» YOUR GOAL:
Below are entries to reproduce exactly, apart from their pictures.

» DATASET RECORDS:
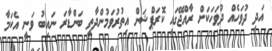
އަދި ދުވަހެއް ދުވަހަކަށް ރާއްޖޭގައި ކޮރަޕްޝަން އިތުރުވަމުންދާތީ ބަންޑާރަ ނައިބު ވަނީ އެކަމާ
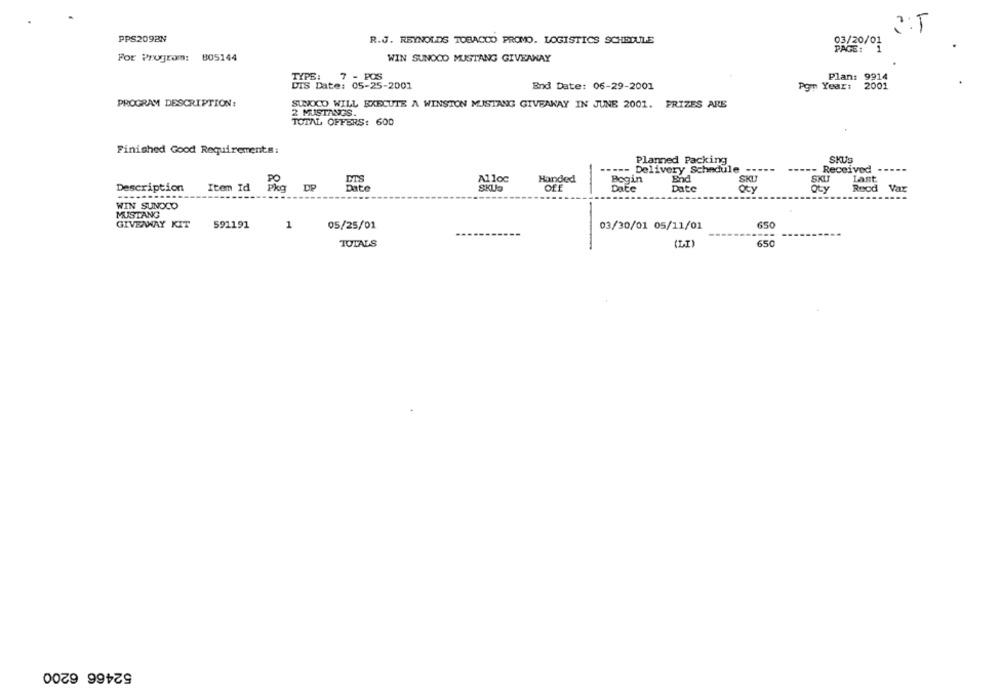
3:5
PPS209EN
R.J. REYNOLDS TOBACCO PROMO. LOGISTICS SCHEDULE
03/20/01
PAGE: 1
For Program: 805144
WIN SUNOCO MUSTANG GIVEAWAY
TYPE:
7 - POS
Plan: 9914
DIS Date: 05-25-2001
End Date: 06-29-2001
Pgn Years
2001
PROGRAM DESCRIPTION:
SUNOCO WILL EXECUTE A WINSTON MUSTANG GIVEAWAY IN JUNE 2001. FRIZES ARE
2 MUSTANGS.
TOTAL OFFERS: 600
Finished Good Requirements:
Planned Packing
SKUS
.---- Delivery Schedule
=- Received
Alloc
Handed
Begin
End
SKIJ
Last
Description
DES
SKLO
Off
SKU
Item Id Pkg DP
Date
Date
Oty
Rood Var
WIN SUNOCO
MUSTANG
GIVEAWAY KIT
591191
1
05/25/01
03/30/01 05/11/01
650
650
TOTALS
(LI)
52466 6200

» ANSWER AREA:
އަދި ދުވަހެއް ދުވަހަކަށް ރާއްޖޭގައި ކޮރަޕްޝަން އިތުރުވަމުންދާތީ ބަންޑާރަ ނައިބު ވަނީ އެކަމާ
3:5
PPS209EN
R.J. REYNOLDS TOBACCO PROMO. LOGISTICS SCHEDULE
03/20/01
PAGE: 1
For Program: 805144
WIN SUNOCO MUSTANG GIVEAWAY
TYPE:
7 - POS
Plan: 9914
DIS Date: 05-25-2001
End Date: 06-29-2001
Pgn Years
2001
PROGRAM DESCRIPTION:
SUNOCO WILL EXECUTE A WINSTON MUSTANG GIVEAWAY IN JUNE 2001. FRIZES ARE
2 MUSTANGS.
TOTAL OFFERS: 600
Finished Good Requirements:
Planned Packing
SKUS
.---- Delivery Schedule
=- Received
Alloc
Handed
Begin
End
SKIJ
Last
Description
DES
SKLO
Off
SKU
Item Id Pkg DP
Date
Date
Oty
Rood Var
WIN SUNOCO
MUSTANG
GIVEAWAY KIT
591191
1
05/25/01
03/30/01 05/11/01
650
650
TOTALS
(LI)
52466 6200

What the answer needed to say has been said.